Spesifisitas adalah kemampuan metode untuk mendeteksi/mengukur analat secara cermat dan seksama dengan adanya analat asing/bahan/matriks lain. Spesifisitas dapat dihitung menggunakan jumlah sampel positif yang menunjukkan hasil pengujian positif dibagi dengan hasil pengujian positif terhadap kontrol positif dikalikan 100%. Hasil penghitungan menunjukkan nilai perolehan kembali (rekoveri) dari hasil validasi/verifikasi metode analisis. Pada analisis mikrobiologi, idealnya nilai rekoveri 80% tetapi metode analisis dianggap meyakinkan jika nilai rekoveri berkisar 50 - 95% (AOAC 1999).

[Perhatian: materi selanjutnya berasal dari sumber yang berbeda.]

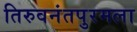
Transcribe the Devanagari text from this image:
तिरुवनंतपुरमला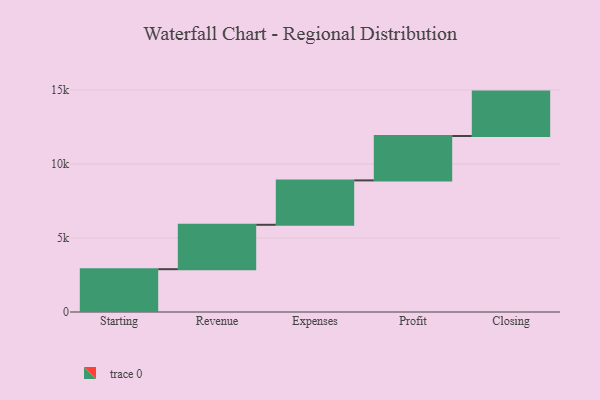
{"axis": {"x": "Step", "y": "Value"}, "legend": [""], "data": [{"x": "Starting", "y": 2893.0, "type": ""}, {"x": "Revenue", "y": 3000, "type": ""}, {"x": "Expenses", "y": 3000, "type": ""}, {"x": "Profit", "y": 3000, "type": ""}, {"x": "Closing", "y": 3000, "type": ""}]}

Menurut DeSilva (2003) idealnya pada metode ELISA, antibodi yang digunakan harus spesifik dengan analat target, tanpa adanya gangguan dari bahan yang strukturnya hampir sama dengan analat yang ada dalam sampel ataupun bahan yang terdapat dalam matriks. Sensitivitas adalah kemampuan metode untuk mendeteksi/mengukur analat target dalam jumlah sekecil mungkin.
Ruggedness atau kekasaran adalah suatu ukuran dari kapasitasnya, terhadap sisa yang tidak dipengaruhi oleh konsentrasi yang sedikit, namun variasi-variasi yang mungkin terjadi dalam parameter-parameter metode dan memberikan suatu indikasi dari reliablilitasnya selama penggunaan normal (Chan 2004). Robustness atau ketegaran adalah kemampuan untuk memberikan hasil uji yang sama pada sampel yang sama, tetapi keragaman kondisi pengujian berbeda. Bertujuan untuk mengetahui pengaruh faktor eksternal terhadap metode (sampel dan metode sama, tetapi laboratorium, alat, analis dan waktu pengujian berbeda) . Evaluasi terhadap robustness harus dilakukan selama masa pengembangan metode analisis.